Table 1 compares the two analyzed solutions, in terms of area occupation and fault free reconfiguration time. The assets of the proposed solution are no BRAM occupation and a shorter reconfiguration time compared to the Xilinx solution, with a very small area overhead in the configuration manager (increase of 1.7% of slices) due to a more complex FSM. The reported reconfiguration times, computed with the model presented in Sec. 3, are related to a 2 frames reconfigurable area (1,969 words), with a 1506 Mbit/s throughput of the DDR SDRAM. For sake of completeness, Table 1 also provides information about the worst cases of the Xilinx solution, and a CRC free DPR system.

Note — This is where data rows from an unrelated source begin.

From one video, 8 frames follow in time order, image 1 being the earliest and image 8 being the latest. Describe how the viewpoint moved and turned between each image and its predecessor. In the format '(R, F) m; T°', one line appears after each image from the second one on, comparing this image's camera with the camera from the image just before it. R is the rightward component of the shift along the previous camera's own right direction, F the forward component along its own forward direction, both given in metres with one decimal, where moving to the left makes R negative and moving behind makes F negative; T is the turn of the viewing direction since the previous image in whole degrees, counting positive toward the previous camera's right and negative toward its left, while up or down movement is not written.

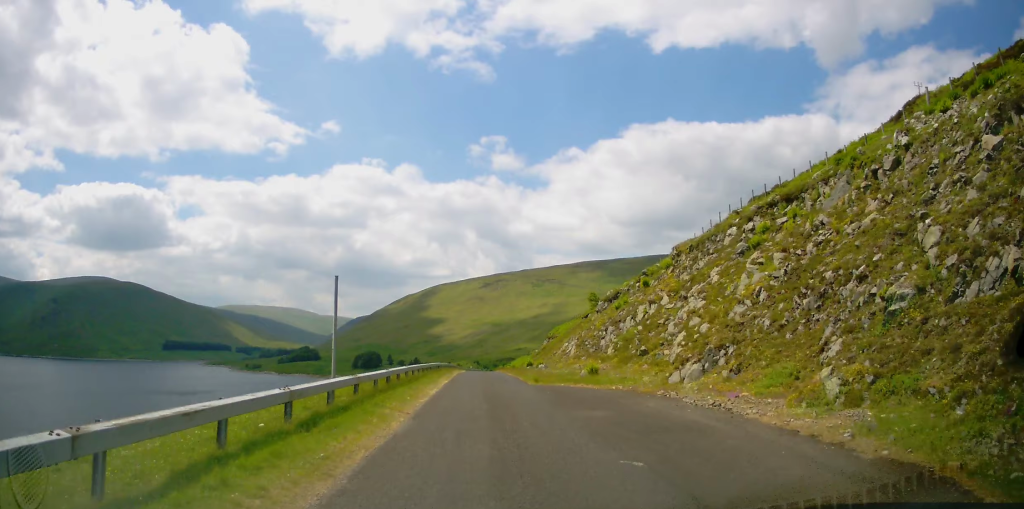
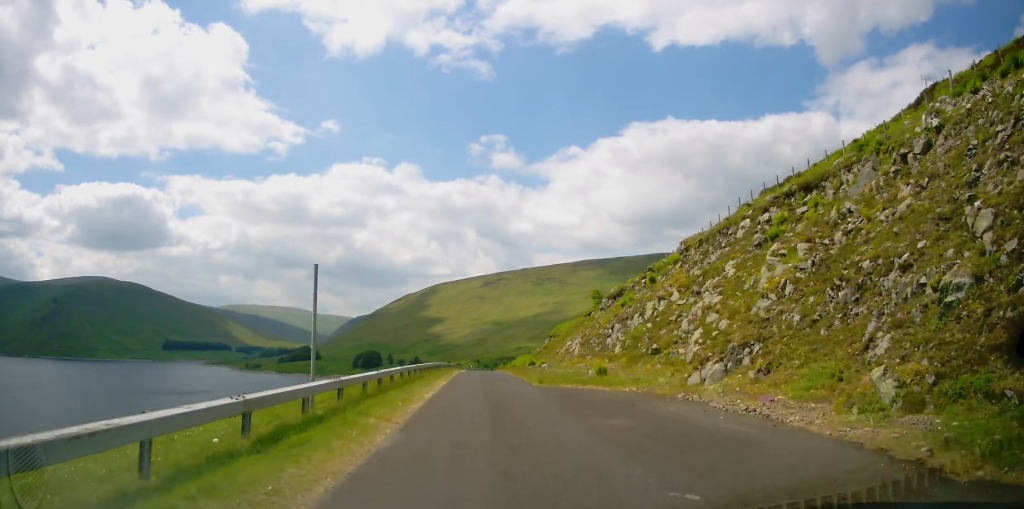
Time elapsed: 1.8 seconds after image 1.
(+0.2, +30.9) m; +1°
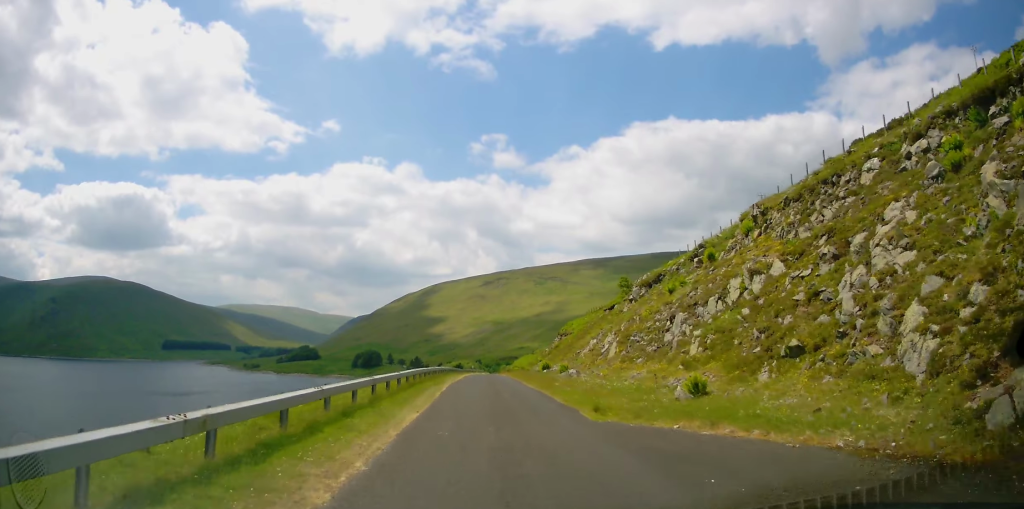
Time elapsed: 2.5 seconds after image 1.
(+0.1, +11.2) m; 0°
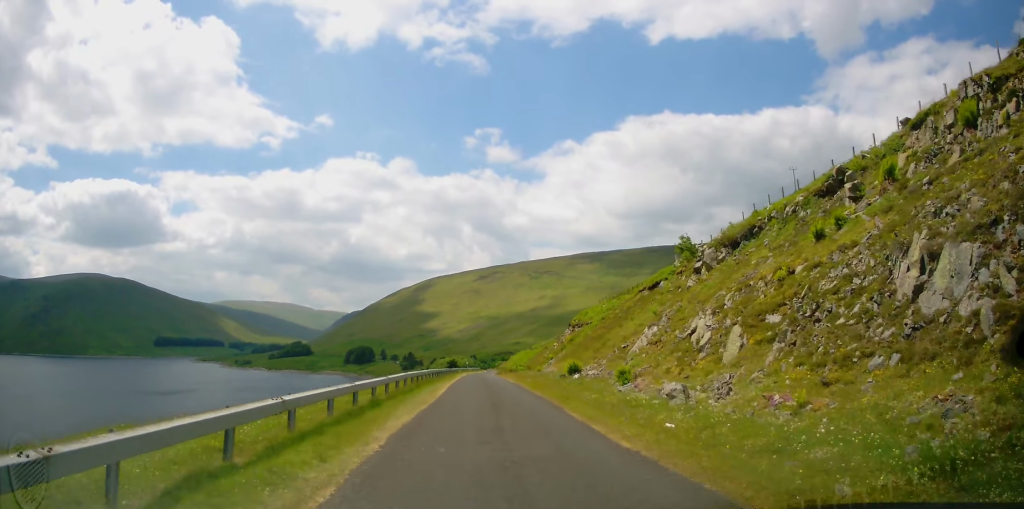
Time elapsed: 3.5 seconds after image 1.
(-0.1, +16.7) m; 0°
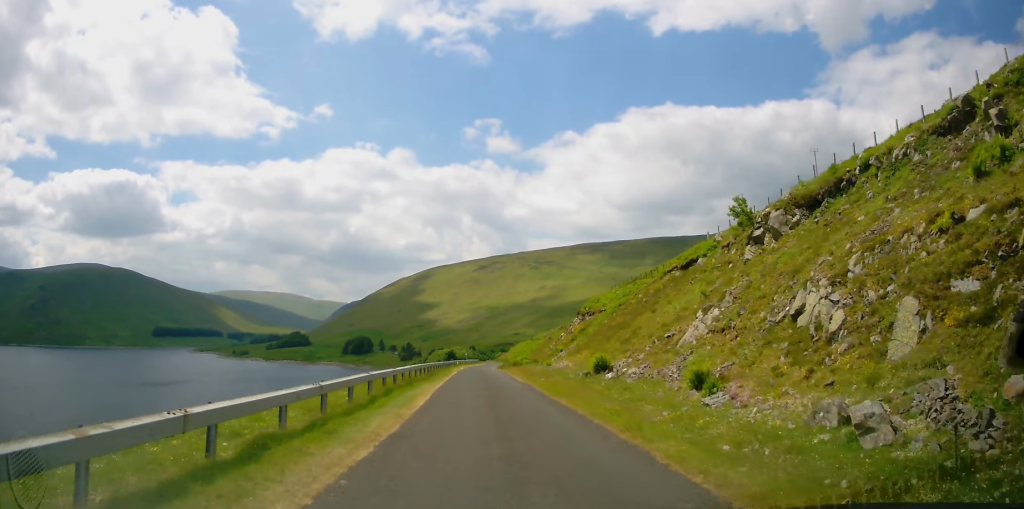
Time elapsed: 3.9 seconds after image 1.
(+0.1, +7.8) m; -1°
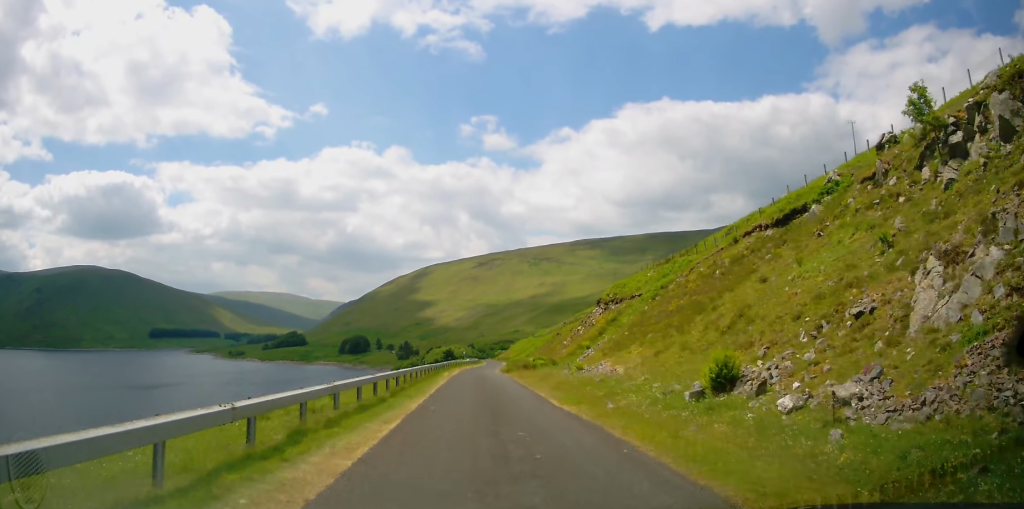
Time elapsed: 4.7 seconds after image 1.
(-0.1, +13.4) m; -1°
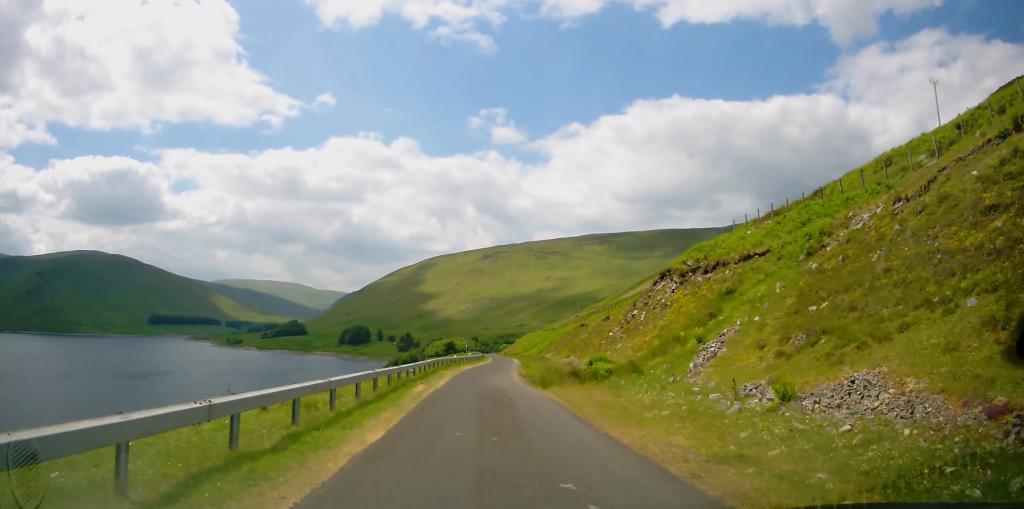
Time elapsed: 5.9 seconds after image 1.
(0.0, +20.5) m; +2°
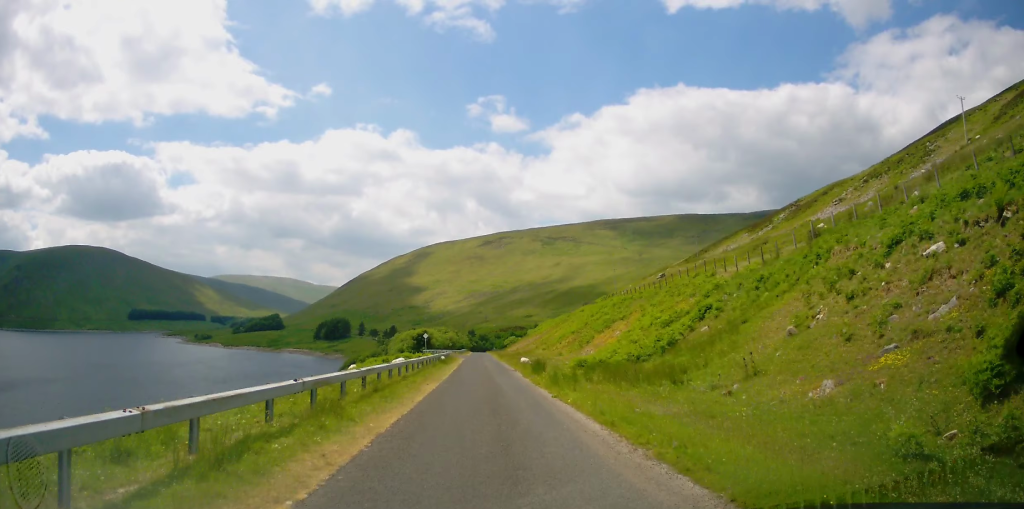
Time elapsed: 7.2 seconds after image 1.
(+0.5, +21.4) m; +2°

So far the performance comparison have not considered the presence of faults. The rest of this section will compare DPR performance in case of faults in the bitstream, which have been injected in the words of the data portion, only. This condition represents the worst-case condition for the proposed solution, since the fault is detected just at the end of the process by the ICAP CRC check (requiring a new DPR), while in Xilinx' solution is detected as soon as the CRC of the block is checked (requiring the reload of the block only). The time overhead introduced by faults in the loaded blocks for the two considered solutions is therefore influenced by the DPR rate, and by the word error probability observed when loading bitstream blocks. Fig. 3 and Fig. 4 analyze the difference in system activity time spent for DPR in the two solutions over a one day observation period for different DPR rates and word error probabilities, thus enabling an easy comparison of the two solutions.



Fig. 3. Difference of DPRs time in 1 day - 2 Frames

Fig. 3 analyzes the case of a 2 frames reconfigurable area, i.e., a partial bit file of 1,969 32-bit words. The experiments show that the proposed technology outperforms the Xilinx solution in all working conditions enabling a significant improvement in the overall reconfiguration time.

Fig. 4 performs a similar analysis, but considering a larger reconfigurable area composed of 8 frames, i.e., a partial bit



Fig. 4. Difference of DPRs time in 1 day - 8 Frames

file of 11,040 32-bit words. In this case, when the word error probability increases over  $10^{-6}$ , the Xilinx solution should be preferred. This is due to the additional reconfiguration process required in our solution whenever data words are corrupted. Nevertheless, decreasing the error probability or the number of reconfigurations per day, the proposed methodology is the best one.

## 5. CONCLUSIONS

This paper presented an innovative methodology for a dependable partial reconfiguration process, assuring a good level of dependability with marginal impact on performances. The proposed methodology has a low impact on reconfiguration time, and does not affect the static portion of the FPGA, even in presence of faulty bitstream files. Experimental results demonstrated that the proposed solution is able to overcome Xilinx solution, thus representing an interesting methodology to increase FPGA dependability while reducing the DPR time and area overhead.

## 6. REFERENCES

- [1] Partial Reconfiguration of Xilinx FPGAs Using ISE Design Suite, Xilinx Corporation, July 2012.
- [2] *Partial Reconfiguration User Guide*, Ug702 (v12.3) ed., Xilinx Corporation, October 2012.
- [3] J. Gaisler, "A portable and fault-tolerant microprocessor based on the SPARC v8 architecture," in *Dependable Systems and Networks (DSN)*, 2002. *International Conference on*, Jun. 23– 26, 2002, pp. 409–415.
- [4] Xilinx, ML403 Evaluation Platform, v2.5 ed., May 2006.
- [5] GRLIB IP Core Users Manual, 1st ed., Aeroflex Gaisler, January 2012.
- [6] P. Koopman, "32-bit Cyclic Redundancy Codes for internet applications," in *Dependable Systems and Networks (DSN)*, 2002. International Conference on, December 2002, pp. 459– 468.